= Contrast (linguistics) =

Semantic distinction between entities

In semantics, contrast is a distinction between two or more entities, with regard to their meaning and function

==On contrast==

Contrast is often overtly marked by markers such as but or however, such as in the following examples:

1. It's raining, but I am not taking an umbrella.
2. We will be giving a party for our new students. We won't, however, be serving drinks.
3. The student knew about the test on Friday, but still he did not study.

In the first clause, It's raining implies that the speaker knows the weather situation and so will prepare for it, while the second clause I am not taking an umbrella implies that the speaker will still get wet.

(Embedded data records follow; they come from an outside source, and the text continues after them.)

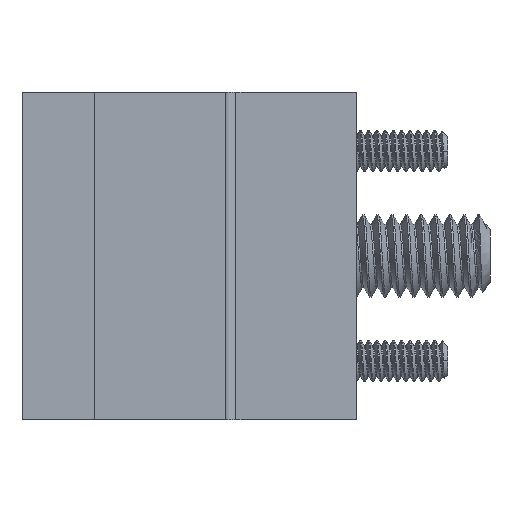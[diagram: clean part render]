
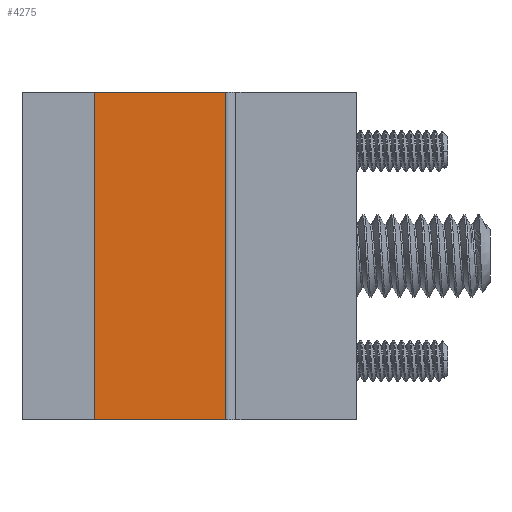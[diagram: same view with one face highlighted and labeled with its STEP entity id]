
A CAD part, left-side view. The second image highlights one B-rep face of the part: STEP entity #4275.
In plain terms, the highlighted planar face has unit normal (-1, 0, 0).
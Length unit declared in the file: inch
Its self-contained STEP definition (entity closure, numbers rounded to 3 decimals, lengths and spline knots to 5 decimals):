
#44 = EDGE_CURVE ( 'NONE', #440, #6714, #3973, .T. ) ;
#65 = ORIENTED_EDGE ( 'NONE', *, *, #44, .F. ) ;
#423 = VERTEX_POINT ( 'NONE', #3951 ) ;
#440 = VERTEX_POINT ( 'NONE', #1026 ) ;
#1026 = CARTESIAN_POINT ( 'NONE',  ( -0.5625, 0., 0.3125 ) ) ;
#1335 = CARTESIAN_POINT ( 'NONE',  ( -0.5625, -0.25, -0.3125 ) ) ;
#2099 = EDGE_LOOP ( 'NONE', ( #6488, #12047, #10507, #65 ) ) ;
#2416 = LINE ( 'NONE', #10856, #11378 ) ;
#2524 = EDGE_CURVE ( 'NONE', #423, #4429, #4812, .T. ) ;
#2902 = DIRECTION ( 'NONE',  ( 0., -1., 0. ) ) ;
#3578 = DIRECTION ( 'NONE',  ( 0., 0., -1. ) ) ;
#3583 = VECTOR ( 'NONE', #6833, 39.37008 ) ;
#3911 = VECTOR ( 'NONE', #12405, 39.37008 ) ;
#3941 = AXIS2_PLACEMENT_3D ( 'NONE', #3988, #13108, #2902 ) ;
#3951 = CARTESIAN_POINT ( 'NONE',  ( -0.5625, 0., -0.3125 ) ) ;
#3973 = LINE ( 'NONE', #10299, #5748 ) ;
#3988 = CARTESIAN_POINT ( 'NONE',  ( -0.5625, 0., -0.3125 ) ) ;
#4275 = ADVANCED_FACE ( 'NONE', ( #10186 ), #12056, .T. ) ;
#4429 = VERTEX_POINT ( 'NONE', #11316 ) ;
#4812 = LINE ( 'NONE', #6894, #3583 ) ;
#4960 = CARTESIAN_POINT ( 'NONE',  ( -0.5625, -0.25, 0.3125 ) ) ;
#5748 = VECTOR ( 'NONE', #12102, 39.37008 ) ;
#6488 = ORIENTED_EDGE ( 'NONE', *, *, #8320, .T. ) ;
#6714 = VERTEX_POINT ( 'NONE', #4960 ) ;
#6833 = DIRECTION ( 'NONE',  ( 0., -1., 0. ) ) ;
#6894 = CARTESIAN_POINT ( 'NONE',  ( -0.5625, 0., -0.3125 ) ) ;
#7760 = EDGE_CURVE ( 'NONE', #4429, #6714, #12589, .T. ) ;
#8320 = EDGE_CURVE ( 'NONE', #440, #423, #2416, .T. ) ;
#10186 = FACE_OUTER_BOUND ( 'NONE', #2099, .T. ) ;
#10299 = CARTESIAN_POINT ( 'NONE',  ( -0.5625, -0.23, 0.3125 ) ) ;
#10507 = ORIENTED_EDGE ( 'NONE', *, *, #7760, .T. ) ;
#10856 = CARTESIAN_POINT ( 'NONE',  ( -0.5625, 0., -0.3125 ) ) ;
#11316 = CARTESIAN_POINT ( 'NONE',  ( -0.5625, -0.25, -0.3125 ) ) ;
#11378 = VECTOR ( 'NONE', #3578, 39.37008 ) ;
#12047 = ORIENTED_EDGE ( 'NONE', *, *, #2524, .T. ) ;
#12056 = PLANE ( 'NONE',  #3941 ) ;
#12102 = DIRECTION ( 'NONE',  ( 0., -1., 0. ) ) ;
#12405 = DIRECTION ( 'NONE',  ( 0., 0., 1. ) ) ;
#12589 = LINE ( 'NONE', #1335, #3911 ) ;
#13108 = DIRECTION ( 'NONE',  ( -1., 0., 0. ) ) ;

Both clauses (or discourse segments) refer to related situations, or themes, yet imply a contradiction. It is this relationship of comparing something similar, yet different, that is believed to be typical of contrastive relations. The same type of relationship is shown in (2), where the first sentence can be interpreted as implying that by giving a party for the new students, the hosts will serve drinks. This is, of course, a defeasible inference based on world knowledge, that is then contradicted in the following sentence.

The majority of the studies done on contrast and contrastive relations in semantics has concentrated on characterizing exactly which semantic relationships could give rise to contrast. Earliest studies in semantics also concentrated on identifying what distinguished clauses joined by and from clauses joined by but.

In discourse theory, and computational discourse, contrast is a major discourse relation, on par with relationship like explanation or narration, and work has concentrated on trying to identify contrast in naturally produced texts, especially in cases where the contrast is not explicitly marked.

In morphology, 'contrast' is identified, when two linguistic elements occur in the same environment(s), and replacing one with the other creates a difference in meaning. Two elements that contrast in identical environments make a minimal pair.